What lines in the entries below contain the word "decimals"? Copy all of them.

Segment Start: EXERCISE MATERIALS

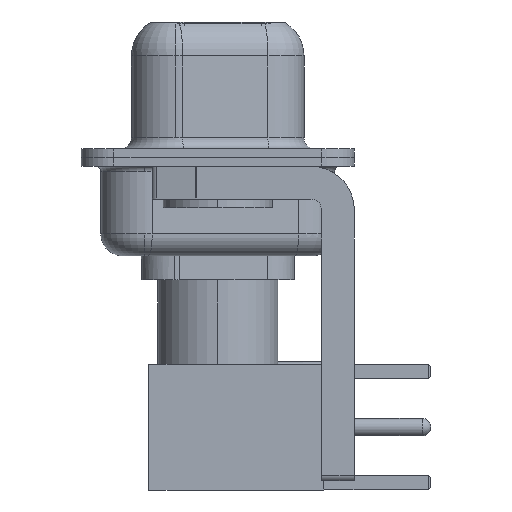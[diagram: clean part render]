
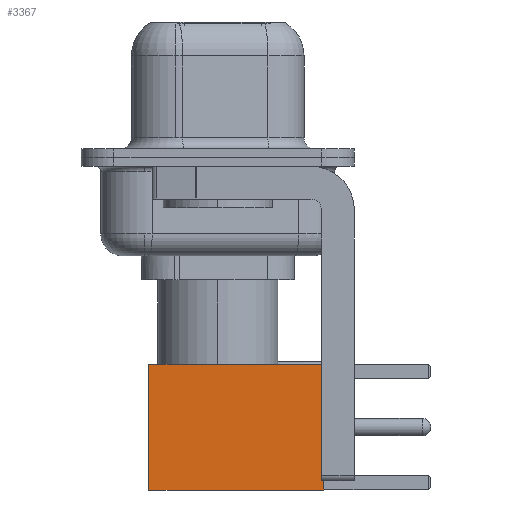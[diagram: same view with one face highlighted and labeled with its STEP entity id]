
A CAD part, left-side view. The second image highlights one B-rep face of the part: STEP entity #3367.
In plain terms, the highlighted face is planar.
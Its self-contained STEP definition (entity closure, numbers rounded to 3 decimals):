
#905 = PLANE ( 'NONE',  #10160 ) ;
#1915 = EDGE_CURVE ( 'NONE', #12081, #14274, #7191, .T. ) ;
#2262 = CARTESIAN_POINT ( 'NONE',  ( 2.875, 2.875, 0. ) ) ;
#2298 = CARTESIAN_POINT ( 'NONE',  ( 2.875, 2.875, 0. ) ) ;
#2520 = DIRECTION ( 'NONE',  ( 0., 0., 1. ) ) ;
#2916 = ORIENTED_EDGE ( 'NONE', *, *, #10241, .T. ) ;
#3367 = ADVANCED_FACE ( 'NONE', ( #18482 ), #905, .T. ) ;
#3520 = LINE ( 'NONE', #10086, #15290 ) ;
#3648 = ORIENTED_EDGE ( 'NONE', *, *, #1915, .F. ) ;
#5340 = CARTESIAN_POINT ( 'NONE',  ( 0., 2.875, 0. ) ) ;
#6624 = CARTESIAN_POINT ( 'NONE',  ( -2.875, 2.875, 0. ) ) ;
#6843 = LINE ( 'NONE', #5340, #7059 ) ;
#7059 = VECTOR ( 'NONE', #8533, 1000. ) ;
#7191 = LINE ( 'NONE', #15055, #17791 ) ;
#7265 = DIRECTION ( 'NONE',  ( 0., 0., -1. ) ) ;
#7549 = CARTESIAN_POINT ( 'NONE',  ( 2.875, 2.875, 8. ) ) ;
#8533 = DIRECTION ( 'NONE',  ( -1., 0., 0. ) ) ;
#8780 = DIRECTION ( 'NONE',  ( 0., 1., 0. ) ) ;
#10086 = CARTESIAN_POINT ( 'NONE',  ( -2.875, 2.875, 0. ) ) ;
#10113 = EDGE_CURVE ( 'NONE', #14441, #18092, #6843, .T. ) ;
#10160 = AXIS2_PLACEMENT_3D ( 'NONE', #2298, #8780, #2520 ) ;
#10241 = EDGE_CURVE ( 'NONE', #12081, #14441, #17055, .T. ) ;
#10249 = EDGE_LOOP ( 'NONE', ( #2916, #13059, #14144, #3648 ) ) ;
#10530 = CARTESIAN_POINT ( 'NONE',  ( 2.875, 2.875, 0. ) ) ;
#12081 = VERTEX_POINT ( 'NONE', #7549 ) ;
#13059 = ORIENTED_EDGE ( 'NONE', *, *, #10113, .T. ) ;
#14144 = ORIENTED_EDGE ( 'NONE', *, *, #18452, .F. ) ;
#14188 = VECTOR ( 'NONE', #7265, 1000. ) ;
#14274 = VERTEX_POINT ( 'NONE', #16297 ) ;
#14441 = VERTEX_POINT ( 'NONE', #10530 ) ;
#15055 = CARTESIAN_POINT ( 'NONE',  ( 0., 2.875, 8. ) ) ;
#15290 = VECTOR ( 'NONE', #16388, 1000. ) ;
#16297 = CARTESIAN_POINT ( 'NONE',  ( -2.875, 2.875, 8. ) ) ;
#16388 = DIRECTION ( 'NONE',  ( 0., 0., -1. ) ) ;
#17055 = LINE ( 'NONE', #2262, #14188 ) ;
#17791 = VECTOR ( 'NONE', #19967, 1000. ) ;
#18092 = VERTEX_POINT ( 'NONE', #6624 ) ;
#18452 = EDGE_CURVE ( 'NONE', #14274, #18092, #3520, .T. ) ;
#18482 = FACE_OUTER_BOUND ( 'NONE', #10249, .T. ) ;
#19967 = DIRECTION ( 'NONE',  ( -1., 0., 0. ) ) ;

Segment End: EXERCISE MATERIALS
Segment Start: EXERCISE MATERIALS

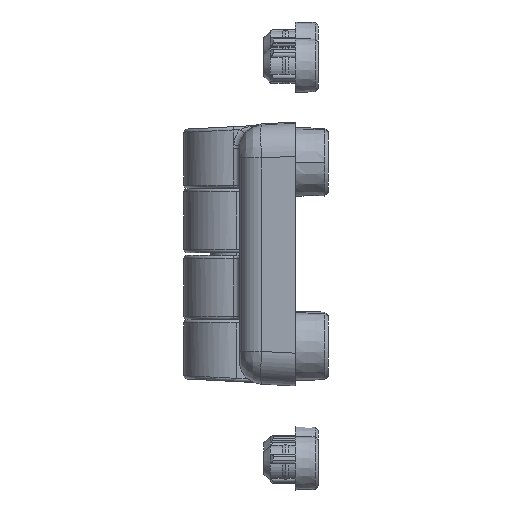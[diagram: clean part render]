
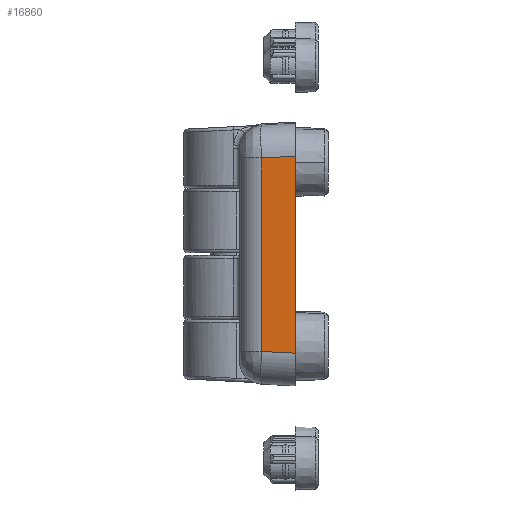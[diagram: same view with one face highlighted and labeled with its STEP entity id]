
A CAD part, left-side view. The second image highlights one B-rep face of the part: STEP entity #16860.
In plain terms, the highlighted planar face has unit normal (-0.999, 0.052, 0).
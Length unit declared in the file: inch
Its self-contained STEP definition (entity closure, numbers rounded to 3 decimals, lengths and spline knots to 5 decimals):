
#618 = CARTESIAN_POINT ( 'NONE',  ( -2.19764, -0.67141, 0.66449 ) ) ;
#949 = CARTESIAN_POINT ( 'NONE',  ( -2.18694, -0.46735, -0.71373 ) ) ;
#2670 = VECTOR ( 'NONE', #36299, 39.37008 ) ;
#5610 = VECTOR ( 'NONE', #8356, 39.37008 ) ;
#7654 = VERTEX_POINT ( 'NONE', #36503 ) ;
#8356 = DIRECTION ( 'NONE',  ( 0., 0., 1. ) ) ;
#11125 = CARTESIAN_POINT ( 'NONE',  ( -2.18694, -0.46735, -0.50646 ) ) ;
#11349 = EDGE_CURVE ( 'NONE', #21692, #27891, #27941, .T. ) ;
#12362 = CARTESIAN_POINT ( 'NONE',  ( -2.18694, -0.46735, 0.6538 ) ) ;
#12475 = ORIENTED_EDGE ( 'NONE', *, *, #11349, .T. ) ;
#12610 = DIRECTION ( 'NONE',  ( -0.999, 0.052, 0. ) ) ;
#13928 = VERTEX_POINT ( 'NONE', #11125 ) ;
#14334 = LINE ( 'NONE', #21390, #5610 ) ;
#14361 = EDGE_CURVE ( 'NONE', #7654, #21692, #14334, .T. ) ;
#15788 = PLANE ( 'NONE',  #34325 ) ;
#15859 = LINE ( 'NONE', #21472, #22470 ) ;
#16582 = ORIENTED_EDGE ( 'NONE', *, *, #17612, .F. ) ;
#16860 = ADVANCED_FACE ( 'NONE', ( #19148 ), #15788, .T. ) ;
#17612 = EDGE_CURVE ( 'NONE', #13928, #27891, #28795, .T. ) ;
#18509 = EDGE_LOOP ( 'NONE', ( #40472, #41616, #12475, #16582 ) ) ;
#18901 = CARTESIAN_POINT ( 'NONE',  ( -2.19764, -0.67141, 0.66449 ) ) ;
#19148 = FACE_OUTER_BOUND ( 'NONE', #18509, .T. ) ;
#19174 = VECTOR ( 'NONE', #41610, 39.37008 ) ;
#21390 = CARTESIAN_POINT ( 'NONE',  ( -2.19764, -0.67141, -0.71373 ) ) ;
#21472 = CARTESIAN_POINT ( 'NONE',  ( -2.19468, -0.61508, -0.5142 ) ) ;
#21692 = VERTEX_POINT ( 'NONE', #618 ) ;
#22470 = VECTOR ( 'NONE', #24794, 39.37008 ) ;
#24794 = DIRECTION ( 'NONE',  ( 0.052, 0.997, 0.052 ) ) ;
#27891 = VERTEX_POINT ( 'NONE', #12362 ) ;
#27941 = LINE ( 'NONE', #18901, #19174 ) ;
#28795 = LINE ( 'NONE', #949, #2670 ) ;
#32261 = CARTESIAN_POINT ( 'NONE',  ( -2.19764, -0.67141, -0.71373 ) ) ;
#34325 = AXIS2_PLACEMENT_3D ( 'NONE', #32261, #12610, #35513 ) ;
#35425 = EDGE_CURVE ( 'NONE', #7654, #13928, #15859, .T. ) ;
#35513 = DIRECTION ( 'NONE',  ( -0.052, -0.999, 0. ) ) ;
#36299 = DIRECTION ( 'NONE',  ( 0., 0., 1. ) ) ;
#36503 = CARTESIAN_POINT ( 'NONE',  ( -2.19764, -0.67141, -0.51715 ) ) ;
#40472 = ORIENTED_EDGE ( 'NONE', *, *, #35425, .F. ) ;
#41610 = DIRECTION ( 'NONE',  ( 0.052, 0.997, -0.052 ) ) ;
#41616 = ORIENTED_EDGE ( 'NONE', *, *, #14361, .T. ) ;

Segment End: EXERCISE MATERIALS

| EXERCISE RESPONSE |
Its self-contained STEP definition (entity closure, numbers rounded to 3 decimals):
Its self-contained STEP definition (entity closure, numbers rounded to 3 decimals, lengths and spline knots to 5 decimals):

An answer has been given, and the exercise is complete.